Good News Buts It’s Too early for It’s developement

New hope in schizophrenia research

Research out of Johns Hopkins University may be the start of a promising development for the treatment of schizophrenia.

While studying an anti-cancer drug in mice, researchers found it reversed behaviours associated with schizophrenia and even restored some lost brain cell function in mice affected by the rodent version of the disease.

The medication is part of a class of drugs called PAK inhibitors, also shown to offer some protection in other brain conditions such as Fragile X syndrome and Alzheimer’s disease.

In this study examining effects on adolescent mice whose condition mimics the progression of human schizophrenia, the experimental compound appeared to stop a biological ‘pruning’ process, which occurs in schizophrenia and needlessly destroys neural connections. Using the PAK inhibitor compound, researchers were able to partially restore disabled neurons in young mice.

By stopping the out of control pruning, the researchers were also able to normalize the rodents’ behaviour.

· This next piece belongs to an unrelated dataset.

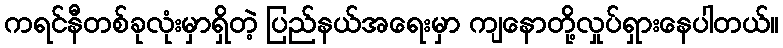
ကရင်နီတစ်ခုလုံးမှာရှိတဲ့ ပြည်နယ်အရေးမှာ ကျနောတို့လှုပ်ရှားနေပါတယ်။

Achieving these results in such young mice was a particularly hopeful development since schizophrenia in humans typically begins to show up in late adolescence or early adulthood and tends to get worse over time.

To date, we are not sure that PAK operates the same way in humans as it does in mice, so more work is definitely needed before we can be sure it will have a similar effect for humans.

However, if we are able to replicate these findings in later stage clinical trials and in humans, it may improve the prognosis for those diagnosed with schizophrenia.

Schizophrenia affects roughly one percent of the population. It is a chronic disease characterized by disordered thinking and symptoms such as delusions and hallucinations. In addition, people with schizophrenia can have an altered sense of self, a lack of motivation, blunted emotions and confused communication and thinking. Depression and social withdrawal are also very common.

Symptoms typically begin in adolescence or early adulthood and generally progress as a gradual deterioration in the brain’s ability to process information or communicate with itself. Because of its gradual onset, it can take quite a while for family or friends to realize there is a serious problem.

Some early warning signs to be aware of include: bizarre or unusual behaviour; an inability to sleep or mixing up of day and night; social withdrawal or isolation; hyperactivity or inactivity; inability to concentrate; unusual preoccupation with religion or the occult; hostility, suspicion or fearfulness; over-reaction to peer or family disapproval; deterioration in personal hygiene; excessive writing or childlike printing with no clear meaning; flat, expressionless gaze; and peculiar use of language.

There is no cure for schizophrenia. For now, anti-psychotic medication can control symptoms such as delusions and hallucinations, but lack of motivation and blunted emotions may not respond as well to medication.

Hopefully, in time we will come up with treatments that can stop disease progression or reverse damage caused and restore people to full functioning. Continued research is needed until we can reach this goal.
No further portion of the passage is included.